● DATA FOR PROCESSING
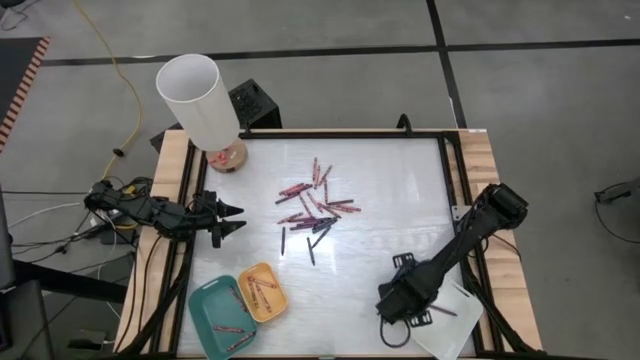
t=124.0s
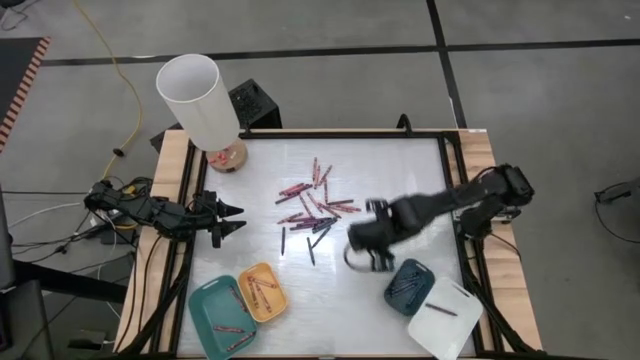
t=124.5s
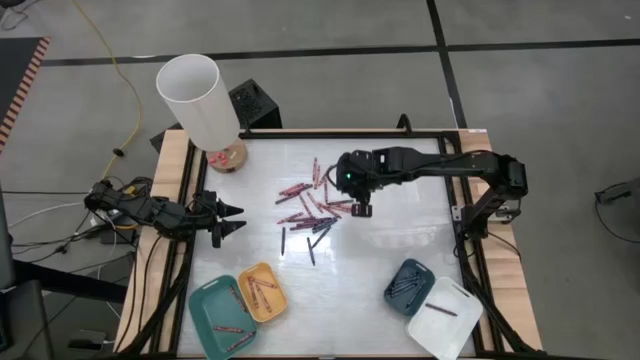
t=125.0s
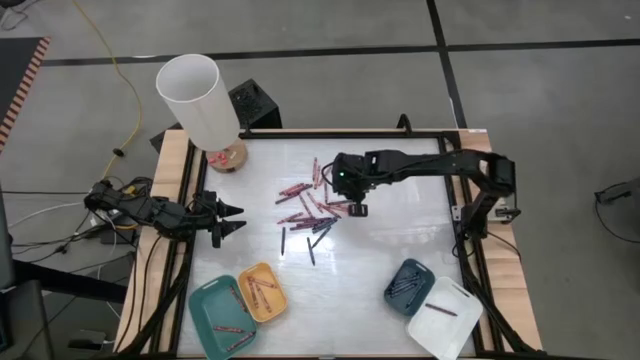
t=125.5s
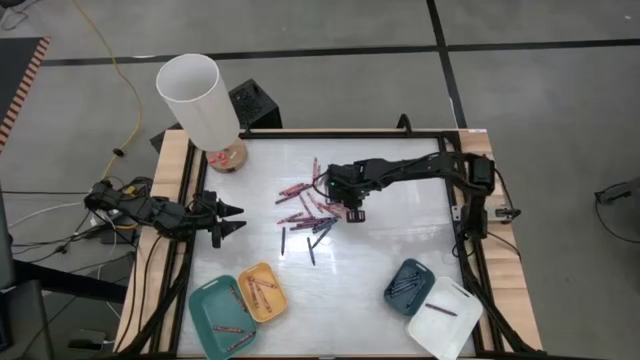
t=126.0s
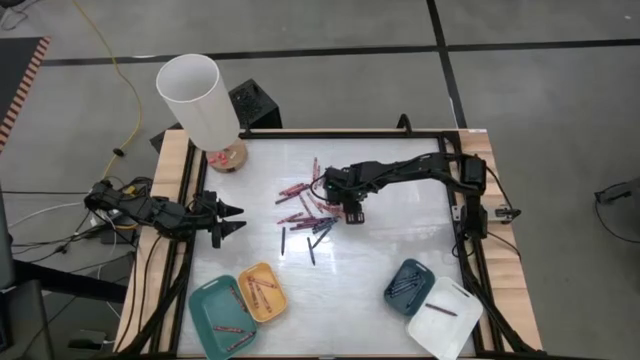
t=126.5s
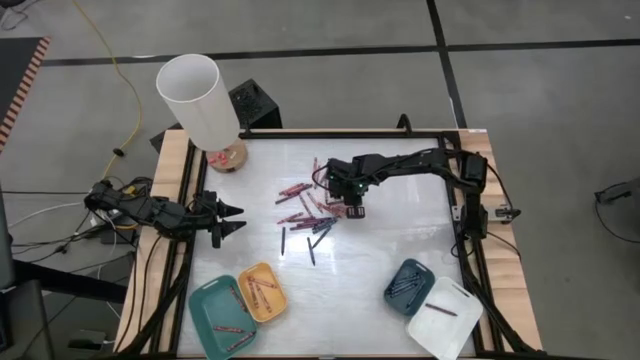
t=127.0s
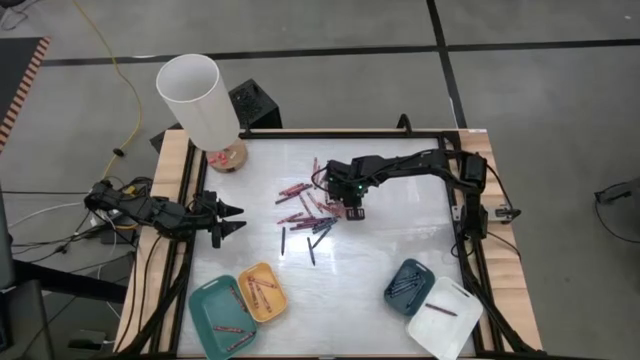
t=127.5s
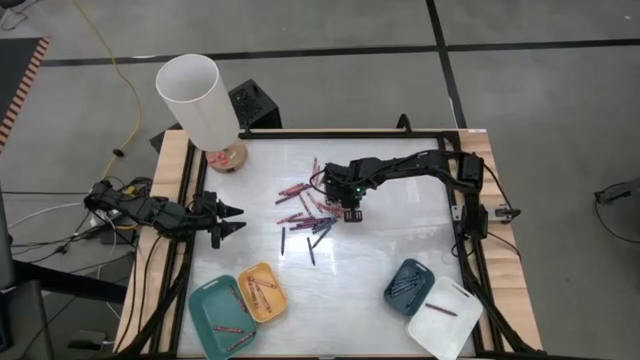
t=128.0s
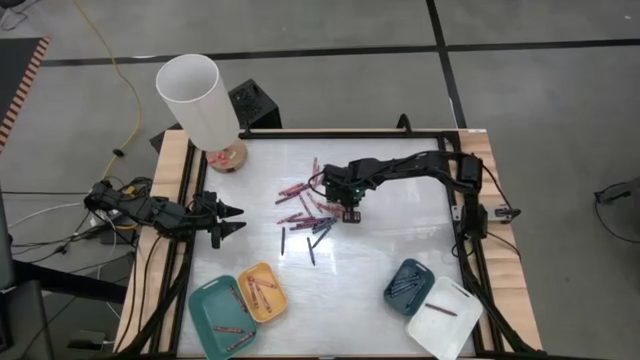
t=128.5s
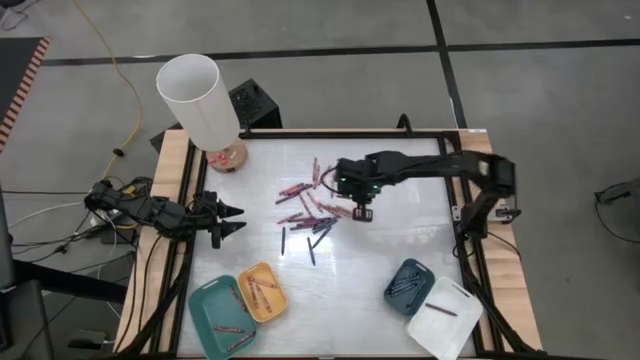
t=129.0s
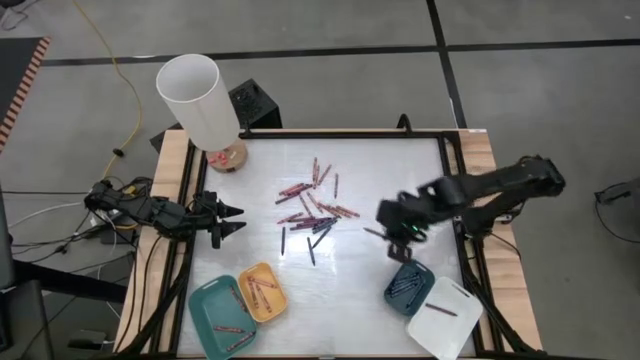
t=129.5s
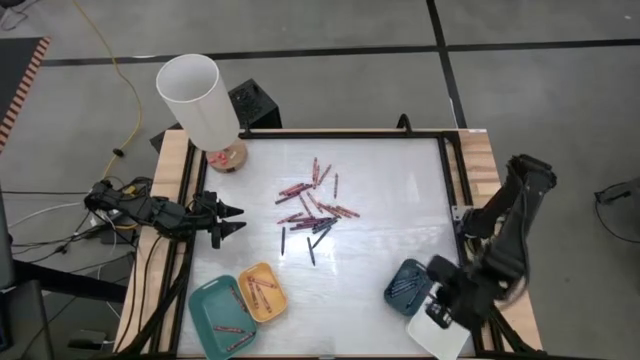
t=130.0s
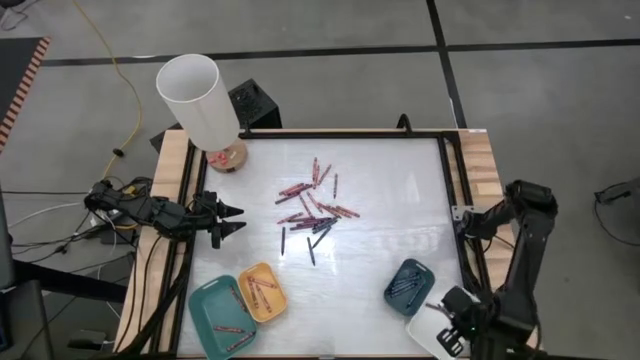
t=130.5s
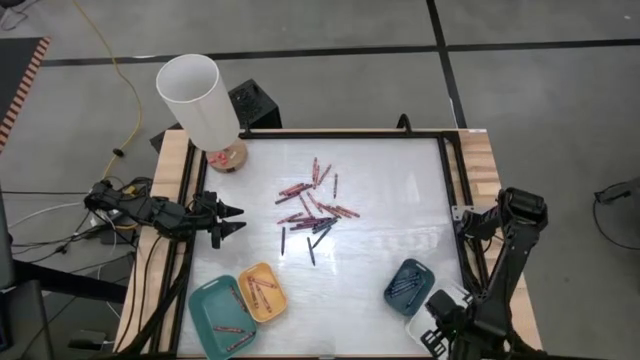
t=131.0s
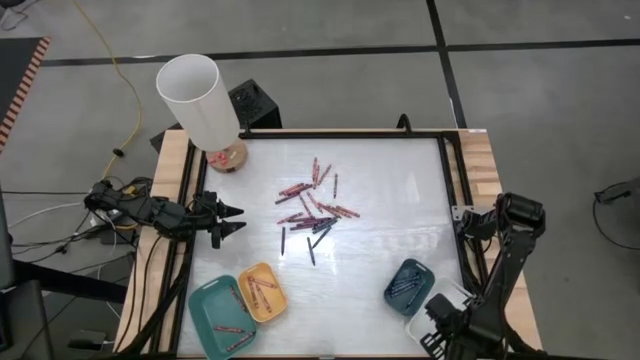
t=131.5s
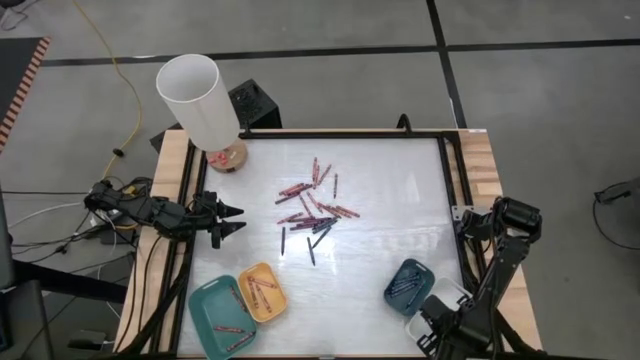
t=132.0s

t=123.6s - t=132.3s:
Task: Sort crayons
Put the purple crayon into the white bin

● TO DO
Only the pictures are dropped when you print the material; everything else is copied exactly.

● ANSWER SPACE
t=124.0s
t=124.5s
t=125.0s
t=125.5s
t=126.0s
t=126.5s
t=127.0s
t=127.5s
t=128.0s
t=128.5s
t=129.0s
t=129.5s
t=130.0s
t=130.5s
t=131.0s
t=131.5s
t=132.0s

t=123.6s - t=132.3s:
Task: Sort crayons
Put the purple crayon into the white bin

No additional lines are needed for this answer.